The HVEB was constructed by adding GM (5:1) with ECs and GM (3:1) with GFP-MSCs into the PIC scaffold from both sides simultaneously. After seven days of culture, HVEB were washed with PBS, fixed with 4% paraformaldehyde (Biosharp, China) for 30 min, and then permeabilized with 0.1% Triton-X 100 (Sigma, USA) in PBS for 5 min. The actin cytoskeleton was stained with rhodamine-phalloidin (Cytoskeleton, USA). Finally, DAPI solution (Vector, USA) was used for nuclear staining for 5 min. Cells were visualized using a confocal laser scanning microscope (Leica, Germany).

Animal experiments

New Zealand rabbits were anesthetized using intravenous injections of pentobarbital sodium (25 mg·kg−1, Sigma, USA) into the lateral ear vein. An injection of 2% lidocaine (CSPC, China) was administered to the operating site. A 2 cm incision was made approximately 1 cm below the lower edge of the mandible body to expose the bone. A segmental critical-size defect (10 × 5 × 5 mm3) as carried out in our previous study was prepared in the mandible using low-speed rotary burs under continuous saline irrigation in all animals.56 A total of 29 rabbits were used for this experiment. Among them, 20 rabbits were randomly divided into four groups for radiographic and histological tests: HVEB (PGM/ECs/MSCs), EB (PGM/MSCs), no cell (PGM), and blank group. The remaining nine rabbits were randomly divided into three groups for RNA-seq test: HVEB (PGM/ECs/MSCs), EB (PGM/MSCs), and NB (normal bone). The incision was closed in layers using 4–0 resorbable sutures. The animals received prophylactic antibiotics at the time of surgery and for three days postoperatively. The animals were killed by a lethal dose of barbiturate after a healing period of 12 weeks.

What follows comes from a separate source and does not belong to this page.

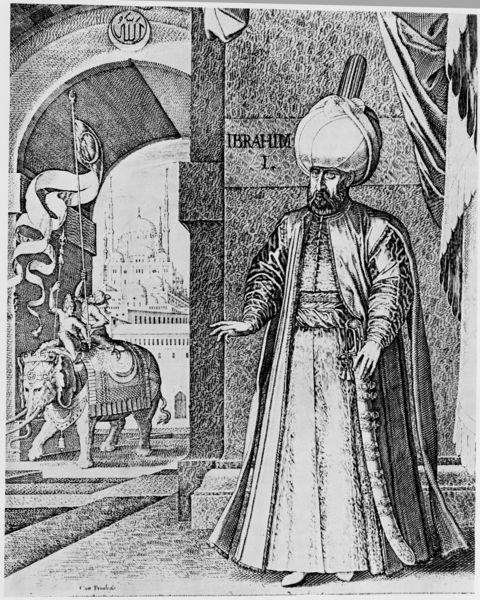
Titel: Bildnis von Suleiman II
Künstler: Melchior Lorch
Institution: (Seriendruck)
Schlagwörter: feder, hand, mann, umhang, weiß, stadt, grau, männer, schwarz, zeichnung, gürtel, schloss, bart, architektur, diener, falten, kleidung, bildnis, hände, porträt, vorhang, boden, gewand, mantel, reiter, schärpe, kopfbedeckung, schrift, bogen, fahne, flagge, mauer, grafik, graphik, faltenwurf, tor, medaillon, moschee, orient, palast, druck, stich, schwarzweiß, schwert, säbel, wimpel, wappen, arabisch, fanfare, indien, turban, arabien, islam, türkei, sultan, mamor, banderole, elefant, osmane, osmanen, hagia sophia, kalif, kufperstich, sulten, emir, ibrahim, side, ps, flaffe

For radiographic and histological tests, fresh mandibular defect specimens obtained at 12 weeks were fixed in 4% paraformaldehyde for 24 h at 4 °C, and then trimmed using a band saw to remove the excess parts to evaluate the newly formed bone. The specimens were scanned using microfocus computed tomography (MILabs, Netherlands) at a voltage of 50 kV. The Amira software (USA) was used to analyze the image data and visualize the 3D images. The BV/TV, Tb.Th., and Tb.Sp. were quantified using ImageJ (NIH, USA), according to the literature.57 The samples that were scanned were decalcified in 50 mmol·L−1 EDTA, embedded in paraffin, and sectioned. The sections were stained using HE and Masson’s trichrome stain. The sections were stained with the following antibodies: anti-CD31 (Abcam, UK), anti-RUNX2 (Abcam, UK), anti-OSX (Abcam, UK), and DAPI (Vector, USA). Images were captured using an inverted microscope. New bone and vessels were analyzed using the ImageJ software (NIH, USA).

For RNA-seq test, fresh samples were taken from the defect area, carefully removed from the surrounding soft tissue, and were snap-frozen in liquid nitrogen. Total RNA was extracted using TRIzol (Gibco, USA), and RNA-Seq was performed by BioMarker (China).

This protocol was approved by the Ethics Committee of the Animal Care and Use Committee for Teaching and Research at Zhejiang University (ZJU20190154).

Statistical analysis

All data are presented as the mean ± standard deviation (SD). Significant differences between the groups were analyzed using analysis of variance (ANOVA) and the Student’s t test.